Metabolism Division, Departments of Pediatrics and Medicine, Johns Hopkins University

Objective.: β-cell proliferation is an important mechanism underlying β-cell mass adaptation to metabolic demands. We have examined effects - in particular those mediated through intracellular cyclic AMP signaling - of the incretin hormone analogue exendin-4 on cell cycle regulation in β-cells.

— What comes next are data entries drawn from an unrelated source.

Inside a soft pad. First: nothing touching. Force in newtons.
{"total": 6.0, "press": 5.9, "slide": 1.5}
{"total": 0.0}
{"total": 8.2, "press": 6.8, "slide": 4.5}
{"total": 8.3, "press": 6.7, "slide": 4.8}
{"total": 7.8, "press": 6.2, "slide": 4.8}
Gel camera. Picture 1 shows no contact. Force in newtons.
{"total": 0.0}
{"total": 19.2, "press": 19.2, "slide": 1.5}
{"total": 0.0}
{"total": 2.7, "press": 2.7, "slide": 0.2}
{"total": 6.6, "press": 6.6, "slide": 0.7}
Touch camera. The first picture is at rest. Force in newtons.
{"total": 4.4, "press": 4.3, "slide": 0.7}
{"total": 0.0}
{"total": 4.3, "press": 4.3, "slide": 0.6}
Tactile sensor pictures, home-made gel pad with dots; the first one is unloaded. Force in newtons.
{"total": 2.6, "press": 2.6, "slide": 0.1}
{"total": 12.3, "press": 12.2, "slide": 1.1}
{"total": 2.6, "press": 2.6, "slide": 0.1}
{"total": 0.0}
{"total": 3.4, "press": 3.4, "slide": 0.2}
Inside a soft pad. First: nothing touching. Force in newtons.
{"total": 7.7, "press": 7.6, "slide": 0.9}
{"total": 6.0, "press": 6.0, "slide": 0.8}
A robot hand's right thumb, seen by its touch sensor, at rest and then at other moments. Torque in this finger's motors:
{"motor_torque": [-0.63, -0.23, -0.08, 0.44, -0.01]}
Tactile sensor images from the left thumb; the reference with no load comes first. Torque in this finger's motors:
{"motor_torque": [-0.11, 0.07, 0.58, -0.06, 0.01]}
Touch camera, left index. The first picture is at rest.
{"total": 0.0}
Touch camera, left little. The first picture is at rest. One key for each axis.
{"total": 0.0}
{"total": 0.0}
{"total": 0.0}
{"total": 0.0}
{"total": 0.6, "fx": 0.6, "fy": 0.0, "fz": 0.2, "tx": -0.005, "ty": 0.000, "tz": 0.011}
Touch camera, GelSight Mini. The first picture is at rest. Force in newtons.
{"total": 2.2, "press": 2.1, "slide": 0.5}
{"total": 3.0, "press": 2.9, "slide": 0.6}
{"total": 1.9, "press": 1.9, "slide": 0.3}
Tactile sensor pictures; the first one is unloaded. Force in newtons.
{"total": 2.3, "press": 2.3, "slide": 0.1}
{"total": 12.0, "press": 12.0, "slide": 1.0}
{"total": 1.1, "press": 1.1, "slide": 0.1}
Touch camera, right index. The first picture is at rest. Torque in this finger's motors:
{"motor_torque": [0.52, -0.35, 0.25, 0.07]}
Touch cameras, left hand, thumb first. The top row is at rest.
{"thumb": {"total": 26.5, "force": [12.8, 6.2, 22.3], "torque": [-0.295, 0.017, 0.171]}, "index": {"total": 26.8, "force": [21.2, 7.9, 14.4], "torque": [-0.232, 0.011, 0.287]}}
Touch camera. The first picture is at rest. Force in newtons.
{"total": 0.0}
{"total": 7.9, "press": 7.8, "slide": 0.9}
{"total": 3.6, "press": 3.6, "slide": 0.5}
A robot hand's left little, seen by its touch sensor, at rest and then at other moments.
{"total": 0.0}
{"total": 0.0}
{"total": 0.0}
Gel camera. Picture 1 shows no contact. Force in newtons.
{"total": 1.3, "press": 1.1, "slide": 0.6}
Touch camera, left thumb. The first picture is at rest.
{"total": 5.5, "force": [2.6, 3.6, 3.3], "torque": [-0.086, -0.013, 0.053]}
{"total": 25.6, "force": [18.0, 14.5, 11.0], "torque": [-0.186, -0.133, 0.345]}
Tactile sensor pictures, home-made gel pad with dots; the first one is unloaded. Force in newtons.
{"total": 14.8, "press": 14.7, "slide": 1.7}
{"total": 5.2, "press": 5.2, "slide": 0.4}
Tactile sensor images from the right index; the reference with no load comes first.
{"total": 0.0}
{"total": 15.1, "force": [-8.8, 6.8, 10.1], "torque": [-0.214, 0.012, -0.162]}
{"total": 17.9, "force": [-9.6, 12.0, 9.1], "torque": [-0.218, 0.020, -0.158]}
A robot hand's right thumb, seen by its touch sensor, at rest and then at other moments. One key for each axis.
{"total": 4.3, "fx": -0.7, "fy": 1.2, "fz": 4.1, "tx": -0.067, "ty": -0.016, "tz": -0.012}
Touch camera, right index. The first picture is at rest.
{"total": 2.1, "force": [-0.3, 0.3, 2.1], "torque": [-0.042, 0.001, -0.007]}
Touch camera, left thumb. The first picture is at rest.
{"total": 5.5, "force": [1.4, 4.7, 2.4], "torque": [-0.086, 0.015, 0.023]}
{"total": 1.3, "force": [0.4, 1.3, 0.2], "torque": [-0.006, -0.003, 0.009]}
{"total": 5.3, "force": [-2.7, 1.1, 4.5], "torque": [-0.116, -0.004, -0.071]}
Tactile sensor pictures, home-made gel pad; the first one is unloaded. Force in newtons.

Research Design and Methods.: Changes in islet protein levels of cyclins and of two critical cell cycle regulators cyclin kinase inhibitor p27 and S-phase kinase-associated protein 2 (Skp2) were assessed in mice treated with exendin-4 and in a mouse model with specific upregulation of nuclear cAMP signaling exhibiting increased β-cell proliferation (CBP-S436A mouse). Because cyclin A2 was stimulated by cyclic AMP, we assessed the role of cylcin A2 in cell cycle progression in Min6 and isolated islet β-cells.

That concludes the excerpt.